# How and when do you tell your rainbow baby about his sibling?



## AlwaysPraying

I lost a boy in the 2nd tri to trisomy 13, completely devistated, he was full blown affected with zero chance at surviving outside the womb. 

I've since given birth to a healthy boy who's now 8.5 months. 

I'm wondering when and how I go about telling him about his brother? I want him to know, but obviously it's such a tragedy and so hard to understand (we don't "understand" how and why, so it's impossible to expect him to be settled with it).


----------



## readytta

So sorry to hear about your loss. Congrats on the birth of your boy. I'm not sure when is best, id din't want to read and run. I think you will know when is best when the time comes x.


----------



## catcatcat

I had a mc in dec which was early so nowhere near as real as it was for you to loose an older baby but i was devestated at time i have 2 dd's who are 6 & 3. They knew i was upset i just told them the truth that baby had died noone knew why that it just happens sometimes and is part of life. They were fine with this. Its amazing how young children just accept these things much better than we do. Dont keep your angel baby a secret from him just mention it in simple terms kids ask loads of questions and the right chance to mention it wil come up. Sorry for your loss


----------



## shelleney

So sorry for your loss.
I lost my baby to an ectopic pregnancy last year, and I am pregnant again.
I plan on telling my rainbow baby about my angel as soon as they are old enough to understand. I will explain in simple terms, that they shouldve had an older brother or sister, but they died in Mummy's tummy.
I hope that helps. Take care Hun xx


----------



## AfterAbigail

We have brought two excellent children's books in preparation for this: 
1. "We were gonna have a baby, but we had an angel instead" and
2. "Someone came before you" 
Both of these books are written by Pat Schwiebert. They are really lovely and I hope to read them to my Rainbow (fingers crossed) that all ends well in a couple of weeks time!


----------



## tweedy

with all of my losses i would not of had my daughter, or this ongoing pregnancy, if I hadn't of lost them, so i don't think i will ever mention it, until they are old enough to be going through it themselves, possibly in their late teens. 

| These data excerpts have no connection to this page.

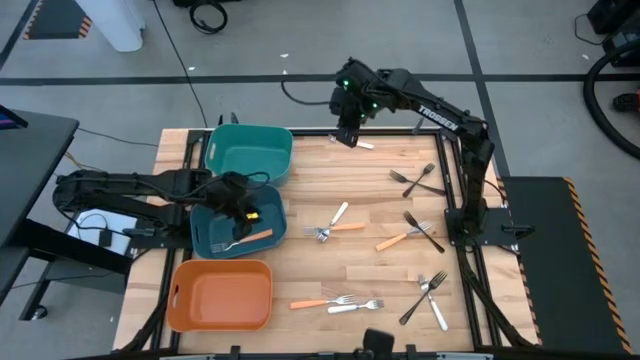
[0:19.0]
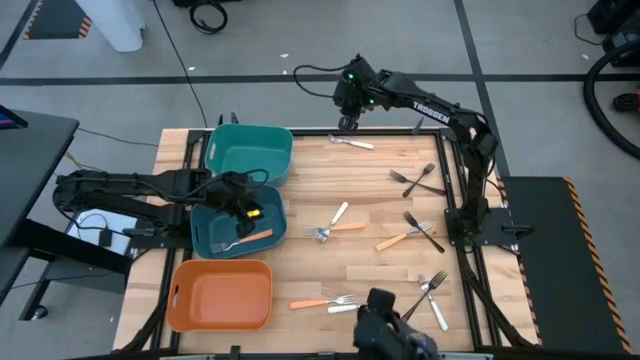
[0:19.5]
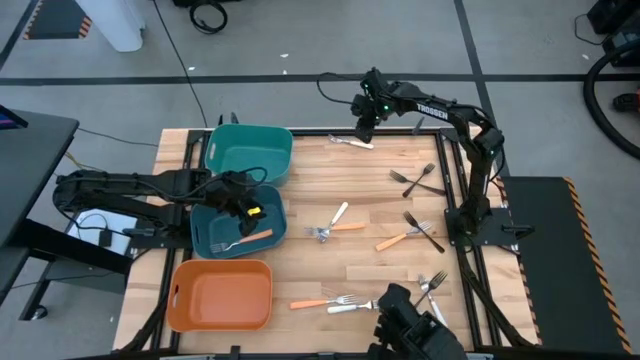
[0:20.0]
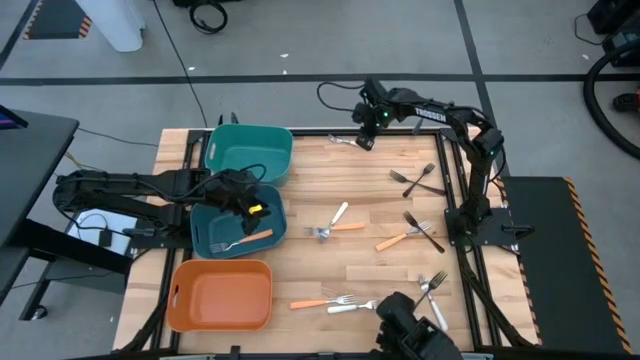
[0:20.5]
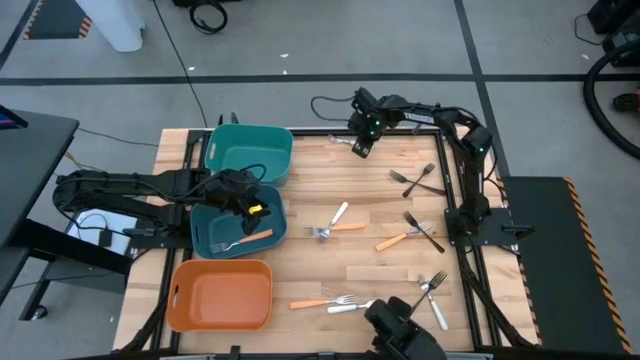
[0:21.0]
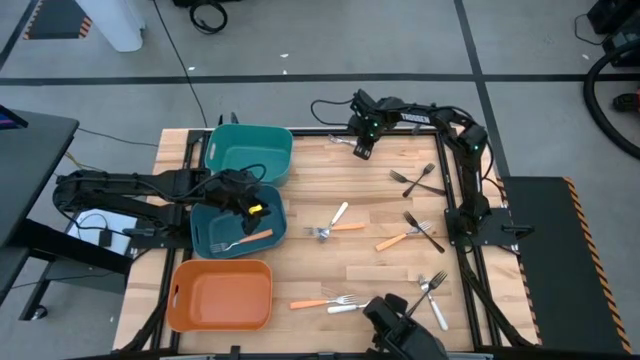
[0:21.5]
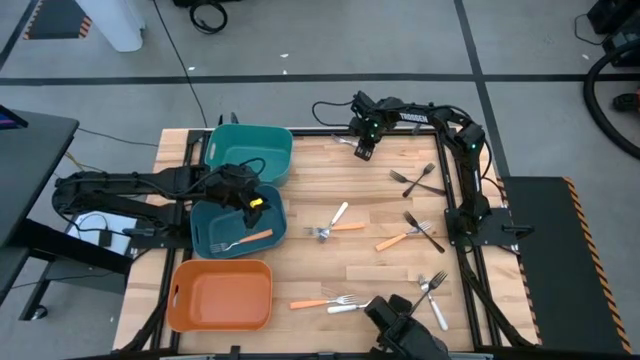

i don't want my daughter to feel like she wasn't meant to be, or a replacement for someone else, as i feel the total opposite, i am at peace with my losses because i would not have her otherwise.

i am sure it is different to have actually held and named your baby, or for it to be a good gap between them, but because of my circumstances i don't think i will share it.

i do have certificates on the wall, as i named stars for all my angel babies, so if they ever ask, i will be open and honest, but it's not like they would have had any extra siblings in the family, so i don't want them to be feeling the loss.

i do have friends who have had a sibling die before they were born and they have photos and wee keepsakes from them, their parents just talked about their brother as if he was always part of the family and when queried, even at a young age, they just said that's joe, he died before i was born, so natural.


----------



## cupcakemomma

I just want to let you know that I am so sorry for your loss. One of my close friends's baby passed away just after birth, due to Trisomy 13. I don't know how I would handle the situation with your son, I'm sure whatever you choose to do will be best :)


----------



## fides

i'm so sorry for your loss.

we plan to tell our rainbow baby about his/her missing sibling, and i suppose when we feel it's the right time, we will - i just don't have a plan yet. 



shelleney said:


> So sorry for your loss.
> I will explain in simple terms, that they shouldve had an older brother or sister, but they died in Mummy's tummy.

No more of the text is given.